With commendable candor, the Library of Congress’ Dead Sea Scroll exhibit openly documents the controversies that have surrounded the scrolls, especially the long publication delay and the refusal to allow outside scholars to see photographs of the unpublished texts.
The Biblical Archaeology Society and its publications are frequently mentioned in the wall plaques and display cases. Three display cases are devoted solely to our publications.
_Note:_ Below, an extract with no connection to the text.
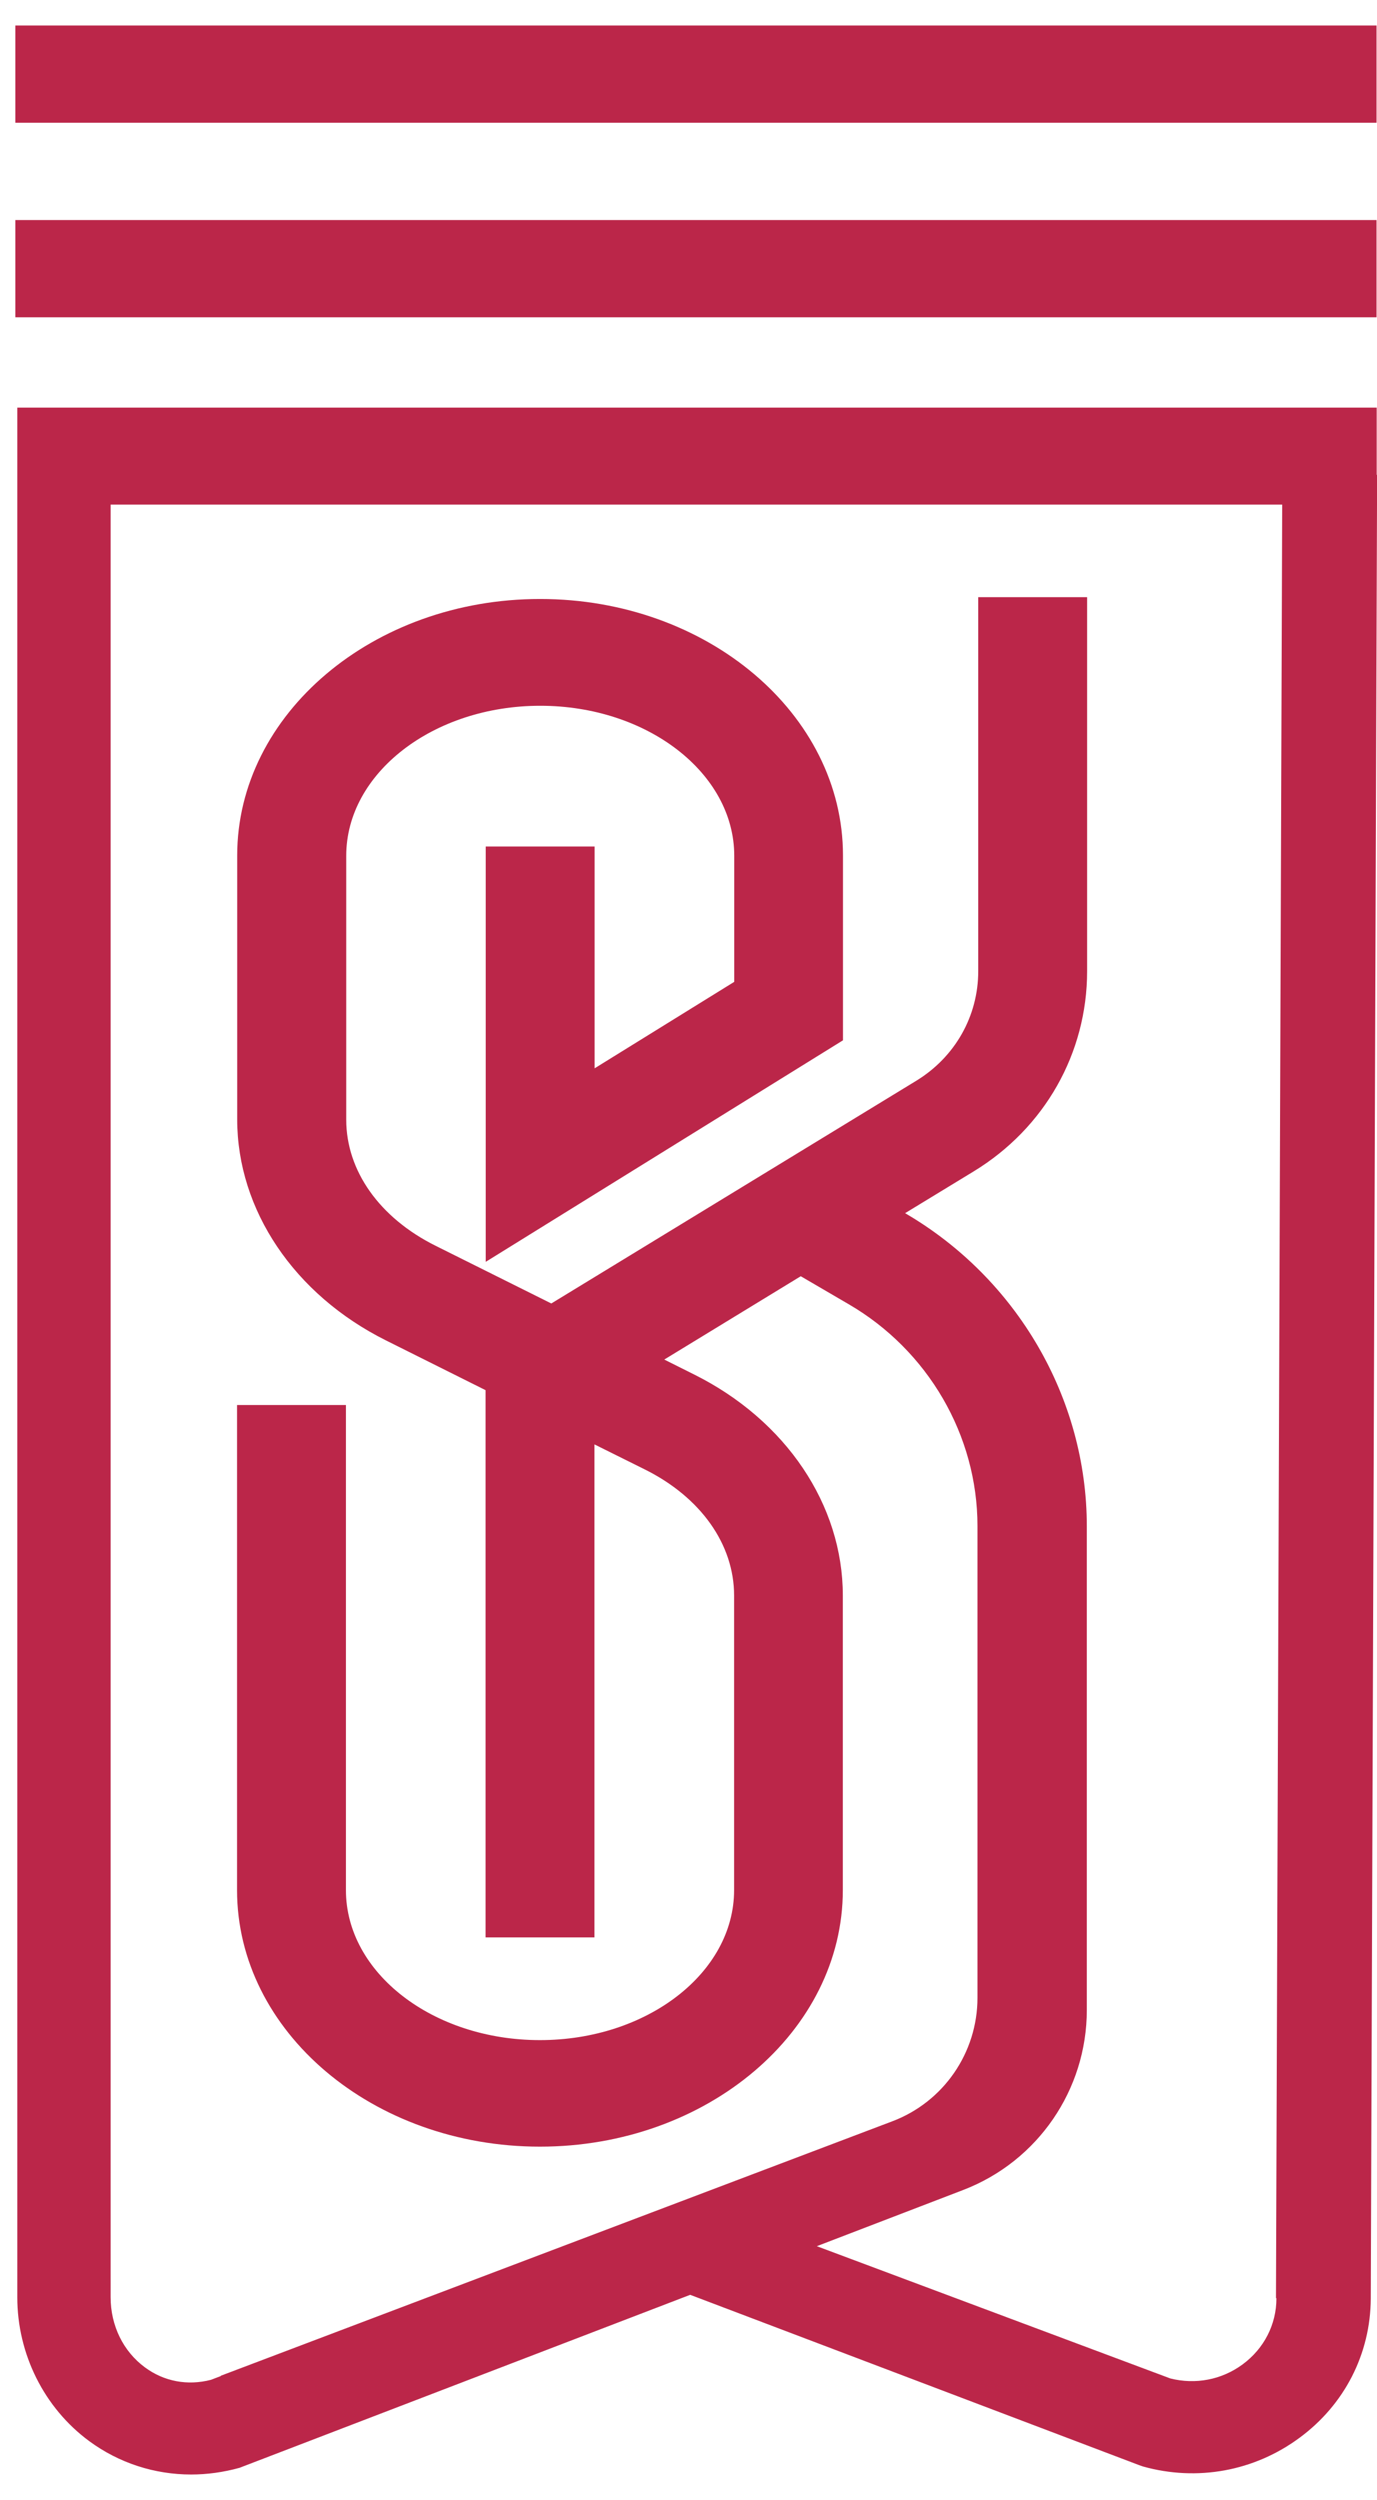 <svg xmlns="http://www.w3.org/2000/svg" width="27" height="49" viewBox="0 0 27 49" fill="none"><path d="M26.991 4.313H0.301V6.219H26.991V4.313Z" fill="#BB2649"></path><path d="M26.991 0.5H0.301V2.406H26.991V0.5Z" fill="#BB2649"></path><path d="M26.994 9.308V7.989H0.339V45.026C0.339 46.139 0.865 47.193 1.747 47.844C2.335 48.277 3.033 48.5 3.748 48.5C4.063 48.5 4.381 48.456 4.696 48.369L13.533 44.978L22.335 48.316L22.412 48.343C23.475 48.64 24.595 48.435 25.48 47.781C26.364 47.131 26.872 46.136 26.878 45.052L27 9.893V9.305L26.994 9.308ZM25.028 45.046C25.028 45.56 24.785 46.032 24.366 46.341C23.956 46.644 23.439 46.742 22.947 46.617L16.016 44.025L18.887 42.923C20.348 42.362 21.31 40.96 21.31 39.398V29.913C21.31 27.41 19.944 25.058 17.747 23.778L19.092 22.959C20.485 22.11 21.316 20.642 21.316 19.036V11.704H19.181V19.036C19.181 19.915 18.727 20.72 17.961 21.186L10.81 25.548L8.541 24.417C7.442 23.87 6.789 22.947 6.789 21.946V16.773C6.789 15.152 8.497 13.833 10.593 13.833C12.69 13.833 14.397 15.152 14.397 16.773V19.244L11.659 20.939V16.592H9.524V24.732L16.529 20.39V16.767C16.529 13.994 13.866 11.74 10.59 11.74C7.315 11.74 4.651 13.997 4.651 16.767V21.94C4.651 23.716 5.771 25.376 7.57 26.273L9.521 27.247V37.973H11.656V28.31L12.642 28.8C13.741 29.346 14.394 30.27 14.394 31.271V37.046C14.394 38.668 12.687 39.986 10.587 39.986C8.488 39.986 6.783 38.668 6.783 37.046V27.538H4.648V37.046C4.648 39.82 7.312 42.074 10.587 42.074C13.863 42.074 16.526 39.817 16.526 37.046V31.271C16.526 29.495 15.41 27.835 13.607 26.938L13.025 26.647L15.701 25.014L16.642 25.563C18.198 26.469 19.166 28.135 19.166 29.908V39.158C19.166 40.233 18.501 41.198 17.494 41.578L4.33 46.564V46.57L4.137 46.644C3.677 46.763 3.217 46.677 2.843 46.401C2.415 46.086 2.169 45.581 2.169 45.023V9.89H25.141L25.019 45.041L25.028 45.046Z" fill="#BB2649"></path></svg>

One display case features the very page of MMT over which we were sued. The caption in the display case reads as follows:
“In December 1991, a two-volume edition of scroll photographs was published. This facsimile edition was issued by the Biblical Archaeology Society, an American group headed by Hershel Shanks. It is opened here to a transcription and reconstruction of Some Torah Precepts (Miqsat Ma‘ase ha-Torah). The publication of this reconstruction and transcription is currently the subject of lawsuits in Israel and in the United States between the reconstructor of the text, Dr. Elisha Qimron, and the publisher, Mr. Shanks.”
The wall plaque discloses 11 lines of 071Qimron’s still-unpublished transcription and reconstruction. The library of Congress’s lawyer approved the display.
A wall plaque later in the exhibit states:
“Since the late 1980s, no controversy has been more heated than that surrounding access to the scrolls and the movement to accelerate their publication. The push by scholars to gain what the Biblical Archaeology Review characterized as ‘intellectual freedom and the right to scholarly access’ has had significant results. In 1988, the administration for scroll research, the Israel Antiquities Authority, expanded the number of scroll assignments from eight to more than fifty. In 1991, the Huntington Library of California made available to all scholars the photographic security copies of the scrolls on deposit in its vault. Late in the same year, a computer-generated version as well as a two volume edition of the scroll photographs were published by the Biblical Archaeology Society. Closing the circle, the Israel Antiquities Authority announced that it too would soon be issuing an authorized microfiche edition, complete with detailed indices.”
In a second case is displayed Fascicle One of A Preliminary Edition of the Unpublished Dead Sea Scrolls, which consists of computer-generated transcripts made by Ben Zion Wacholder and Martin Abegg, published by the society. Unfortunately, the caption in the case is in error. It states that soon after the Huntington Library made its photographs available, the Wacholder-Abegg fascicle was published. In fact, the Wacholder Abegg fascicle was published before the Huntington made its announcement.
An editorial in the Washington Post entitled “Post-Liberation Scrolls” noted that the exhibit, “besides offering laymen a glimpse at the awesome fragments is also a showcase for some of the problems.” Even “the wording of some of the exhibit’s labels,” said the editorial, “became a bone of contention.” We’re glad the library’s courageous staff prevailed.
Among the “post-liberation business to be cleared up,” according to the Post editorial, was “who can publish ‘reconstructions’ of the battered texts.” The editorial continued: “A scholar who had substantially ‘reconstructed’ a short text sued Mr. Shanks in Israeli court for publishing it, and won. Many scholars say they hope Mr. Shanks will appeal, since the now-bright future of scrolls scholarship depends on just such intellectual publishing and republishing. In any event, it sure beats the old closed shop.”